Colin Bell

Personal information
- Full name: Peter Donovan Colin Bell
- Date of birth: 17 February 1979 (age 46)
- Place of birth: Poudre d'Or, Mauritius
- Position(s): Midfielder

Team information
- Current team: Pamplemousses SC
- Number: 17

Senior career*
- Years: Team / Apps / (Gls)
- 1996–2003: Poudre d'Or ATC / 261 / (39)
- 2003–2006: Faucon Flacq SC / 119 / (55)
- 2006–2018: Pamplemousses SC / 204 / (24)

International career
- 2006–2017: Mauritius / 41 / (0)

= Colin Bell (footballer, born 1979) =

Mauritian footballer

Colin Bell (born 17 February 1979 in Poudre d'Or) is a Mauritian footballer who plays for Pamplemousses SC in the Mauritian League and internationally for the Mauritius national football team.

==Career==
===Senior career===
Bell started his professional career with local club Poudre d'Or ATC. In 2003, he moved to Faucon Flacq SC of the Mauritian League.
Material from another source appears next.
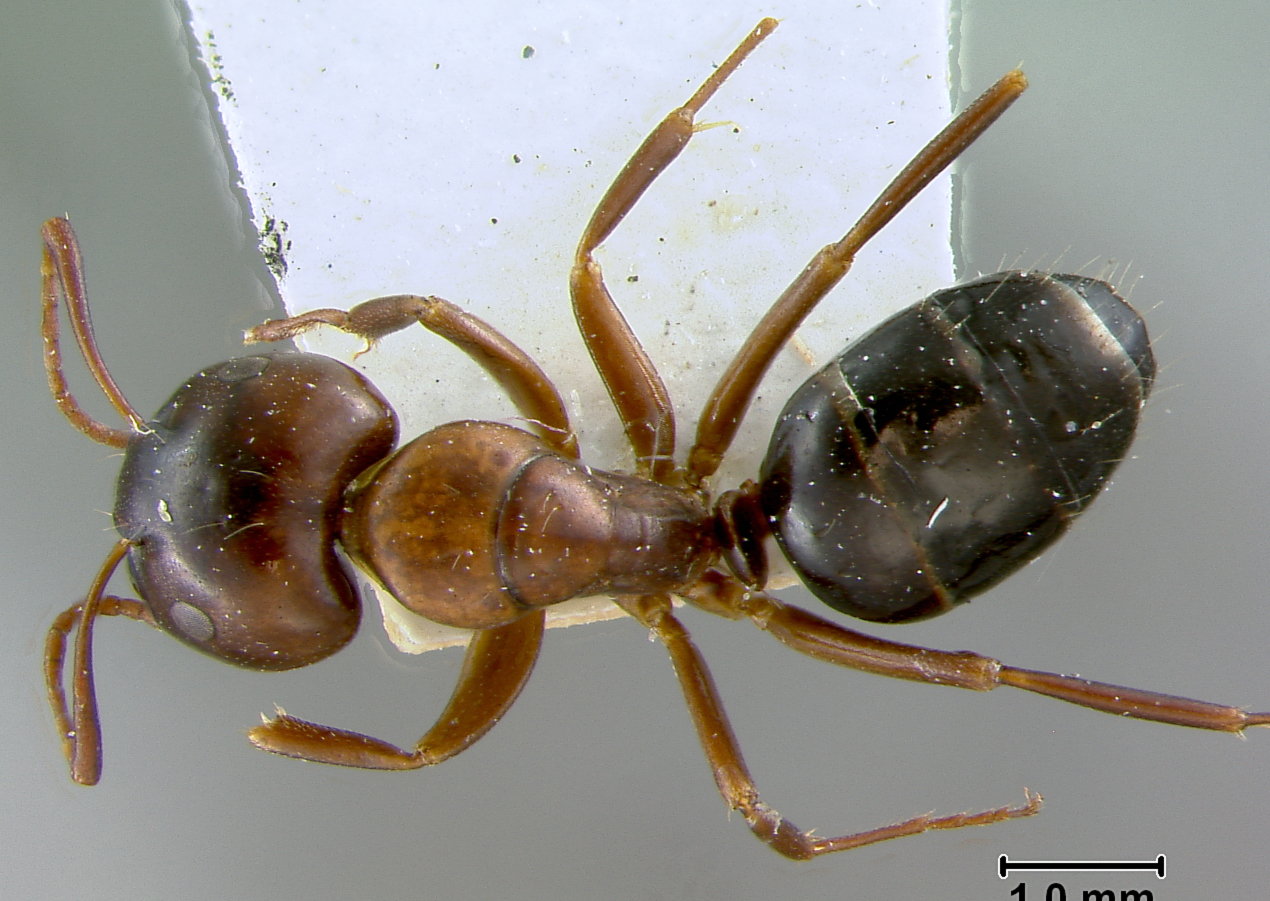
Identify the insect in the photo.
Camponotus caryae

In 2006, he transferred to Pamplemousses SC, also of the Mauritian league. He soon became team captain, and has been an integral part of the team ever since.

===International career===
Bell received his first cap for Mauritius in 2006. Since then, he has amassed a total of 20 caps, and has become captain for Club M.